• [The problem]: Please repeat the entire listing verbatim and keep the pictures out.

☆ ☆ ☆ ☆

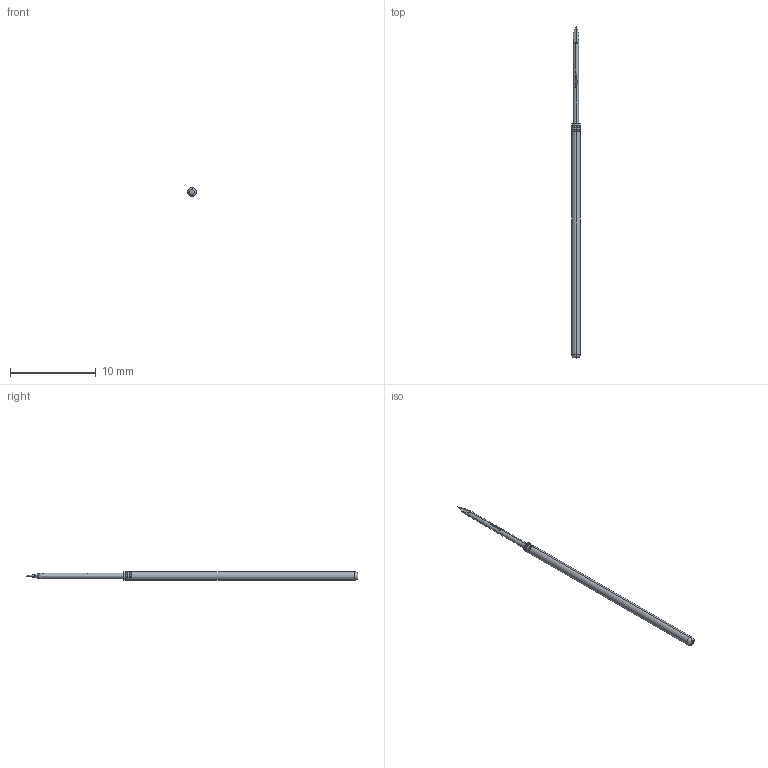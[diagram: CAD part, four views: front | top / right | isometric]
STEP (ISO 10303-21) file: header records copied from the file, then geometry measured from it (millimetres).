
FILE_DESCRIPTION (( 'STEP AP203' ), '1' );
FILE_NAME ('INGUN_GKS-035_291_064_A_xx00_LH.STEP', '2022-05-09T12:35:40', ( 'ochi' ), ( '' ), 'SwSTEP 2.0', 'SolidWorks 2018', '' );
FILE_SCHEMA (( 'CONFIG_CONTROL_DESIGN' ));
Length unit declared in the file: millimetre
Products named in the file (1): INGUN_GKS-035_291_064_A_xx00_LH
Bounding box: 1.02 x 38.8 x 1.02 mm (x, y, z)
Volume: 25.6 mm3; surface area: 110.7 mm2
Topology: 1 solids, 1 shells, 93 faces, 245 edges, 156 vertices
Faces by surface type: bspline 49, cone 18, torus 10, cylinder 10, plane 6
Entity records: 3840 total; most frequent: CARTESIAN_POINT 1966, ORIENTED_EDGE 490, EDGE_CURVE 245, DIRECTION 184, B_SPLINE_CURVE_WITH_KNOTS 177, VERTEX_POINT 156, EDGE_LOOP 95, FACE_OUTER_BOUND 93

☆ ☆ ☆ ☆

• [Response area]:
[diagram: CAD part, four views: front | top / right | isometric]
STEP (ISO 10303-21) file: header records copied from the file, then geometry measured from it (millimetres).
FILE_DESCRIPTION (( 'STEP AP203' ), '1' );
FILE_NAME ('INGUN_GKS-035_291_064_A_xx00_LH.STEP', '2022-05-09T12:35:40', ( 'ochi' ), ( '' ), 'SwSTEP 2.0', 'SolidWorks 2018', '' );
FILE_SCHEMA (( 'CONFIG_CONTROL_DESIGN' ));
Length unit declared in the file: millimetre
Products named in the file (1): INGUN_GKS-035_291_064_A_xx00_LH
Bounding box: 1.02 x 38.8 x 1.02 mm (x, y, z)
Volume: 25.6 mm3; surface area: 110.7 mm2
Topology: 1 solids, 1 shells, 93 faces, 245 edges, 156 vertices
Faces by surface type: bspline 49, cone 18, torus 10, cylinder 10, plane 6
Entity records: 3840 total; most frequent: CARTESIAN_POINT 1966, ORIENTED_EDGE 490, EDGE_CURVE 245, DIRECTION 184, B_SPLINE_CURVE_WITH_KNOTS 177, VERTEX_POINT 156, EDGE_LOOP 95, FACE_OUTER_BOUND 93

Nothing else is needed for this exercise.